[PATCH kernel v2 0/7] powerpc/powenv/ioda: Allow huge DMA window at 4GB

Wed Apr 22 16:49:06 AEST 2020

On 21/04/2020 16:35, Oliver O'Halloran wrote:
> On Tue, Apr 21, 2020 at 3:11 PM Alexey Kardashevskiy <aik at ozlabs.ru> wrote:
>>
>> One example of a problem device is AMD GPU with 64bit video PCI function
>> and 32bit audio, no?
>>
>> What PEs will they get assigned to now? Where will audio's MMIO go? It
>> cannot be the same 64bit MMIO segment, right? If so, it is a separate PE
>> already. If not, then I do not understand "we're free to assign whatever
>> PE number we want.
> 
> The BARs stay in the same place and as far as MMIO is concerned
> nothing has changed. For MMIO the PHB uses the MMIO address to find a
> PE via the M64 BAR table, but for DMA it uses a *completely* different
> mechanism. Instead it takes the BDFN (included in the DMA packet
> header) and the Requester Translation Table (RTT) to map the BDFN to a
> PE. Normally you would configure the PHB so the same PE used for MMIO
> and DMA, but you don't have to.

32bit MMIO is what puzzles me in this picture, how does it work?
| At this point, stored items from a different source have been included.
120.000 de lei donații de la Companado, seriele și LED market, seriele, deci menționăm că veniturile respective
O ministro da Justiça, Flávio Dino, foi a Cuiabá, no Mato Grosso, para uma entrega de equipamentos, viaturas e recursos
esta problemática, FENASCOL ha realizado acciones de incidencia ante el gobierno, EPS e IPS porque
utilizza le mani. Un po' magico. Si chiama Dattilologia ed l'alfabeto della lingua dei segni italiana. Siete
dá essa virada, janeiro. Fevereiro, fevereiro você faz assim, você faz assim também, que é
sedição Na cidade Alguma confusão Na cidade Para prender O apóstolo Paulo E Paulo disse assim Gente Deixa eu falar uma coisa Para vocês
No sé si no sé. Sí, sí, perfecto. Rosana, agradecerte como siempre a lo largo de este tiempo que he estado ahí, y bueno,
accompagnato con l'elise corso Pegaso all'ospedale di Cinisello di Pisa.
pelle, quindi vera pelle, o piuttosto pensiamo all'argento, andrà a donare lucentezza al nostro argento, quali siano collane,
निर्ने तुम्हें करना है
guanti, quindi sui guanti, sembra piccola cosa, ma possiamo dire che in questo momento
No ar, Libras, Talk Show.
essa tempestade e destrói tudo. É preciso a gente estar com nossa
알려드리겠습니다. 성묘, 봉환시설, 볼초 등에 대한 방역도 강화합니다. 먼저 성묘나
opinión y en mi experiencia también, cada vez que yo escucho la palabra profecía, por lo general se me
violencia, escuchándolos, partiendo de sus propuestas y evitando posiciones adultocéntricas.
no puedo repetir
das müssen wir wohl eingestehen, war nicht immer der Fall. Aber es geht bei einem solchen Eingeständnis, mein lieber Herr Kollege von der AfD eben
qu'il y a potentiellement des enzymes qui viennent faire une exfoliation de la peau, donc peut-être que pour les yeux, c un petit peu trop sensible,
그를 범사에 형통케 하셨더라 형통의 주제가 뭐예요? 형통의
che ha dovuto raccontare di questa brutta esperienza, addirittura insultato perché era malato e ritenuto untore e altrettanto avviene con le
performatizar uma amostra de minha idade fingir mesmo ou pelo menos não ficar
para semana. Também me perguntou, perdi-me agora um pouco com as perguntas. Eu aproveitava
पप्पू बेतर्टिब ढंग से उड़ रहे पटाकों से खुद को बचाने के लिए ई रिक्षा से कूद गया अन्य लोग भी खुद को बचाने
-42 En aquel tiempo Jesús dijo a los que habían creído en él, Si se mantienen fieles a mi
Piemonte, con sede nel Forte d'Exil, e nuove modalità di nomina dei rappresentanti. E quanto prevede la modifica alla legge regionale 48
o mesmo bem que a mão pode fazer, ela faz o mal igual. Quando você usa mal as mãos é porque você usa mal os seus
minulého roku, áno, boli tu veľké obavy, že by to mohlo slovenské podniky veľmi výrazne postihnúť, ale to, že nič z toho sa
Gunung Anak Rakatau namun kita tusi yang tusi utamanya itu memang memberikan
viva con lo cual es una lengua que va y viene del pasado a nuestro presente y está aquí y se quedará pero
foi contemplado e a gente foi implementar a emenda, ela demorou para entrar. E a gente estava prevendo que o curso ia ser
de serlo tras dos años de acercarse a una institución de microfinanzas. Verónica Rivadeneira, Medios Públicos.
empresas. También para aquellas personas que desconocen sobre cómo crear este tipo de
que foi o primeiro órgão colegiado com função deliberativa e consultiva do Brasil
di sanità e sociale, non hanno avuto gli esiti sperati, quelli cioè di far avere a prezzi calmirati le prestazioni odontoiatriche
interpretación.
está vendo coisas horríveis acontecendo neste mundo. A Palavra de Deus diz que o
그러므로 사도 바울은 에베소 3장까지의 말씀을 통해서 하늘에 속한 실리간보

>>> I think the key thing to realise is that we'd only be using the DMA-PE
>>> when a crippled DMA mask is set by the driver. In all other cases we
>>> can just use the "native PE" and when the driver unbinds we can de-
>>> allocate our DMA-PE and return the device to the PE containing it's
>>> MMIO BARs. I think we can keep things relatively sane that way and the
>>> real issue is detecting EEH events on the DMA-PE.
>>
>>
>> Oooor we could just have 1 DMA window (or, more precisely, a single
>> "TVE" as it is either window or bypass) per a PE and give every function
>> its own PE and create a window or a table when a device sets a DMA mask.
>> I feel I am missing something here though.
> 
> Yes, we could do that, but do we want to?
> 
> I was thinking we should try minimise the number of DMA-only PEs since
> it complicates the EEH freeze handling. When MMIO and DMA are mapped
> to the same PE an error on either will cause the hardware to stop
> both. When seperate PEs are used for DMA and MMIO you lose that
> atomicity. It's not a big deal if DMA is stopped and MMIO allowed
> since PAPR (sort-of) allows that, but having MMIO frozen with DMA
> unfrozen is a bit sketch.

You suggested using slave PEs for crippled functions - won't we have the
same problem then?
And is this "slave PE" something the hardware supports or it is a
software concept?

>>>> For the time being, this patchset is good for:
>>>> 1. weird hardware which has limited DMA mask (this is why the patchset
>>>> was written in the first place)
>>>> 2. debug DMA by routing it via IOMMU (even when 4GB hack is not enabled).
>>>
>>> Sure, but it's still dependent on having firmware which supports the
>>> 4GB hack and I don't think that's in any offical firmware releases yet.
>>
>> It's been a while :-/
> 
> There's been no official FW releases with a skiboot that supports the
> phb get/set option opal calls so the only systems that can actually
> take advantage of it are our lab systems. It might still be useful for
> future systems, but I'd rather something that doesn't depend on FW
> support.

Pensando folks use it ;)

-- 
Alexey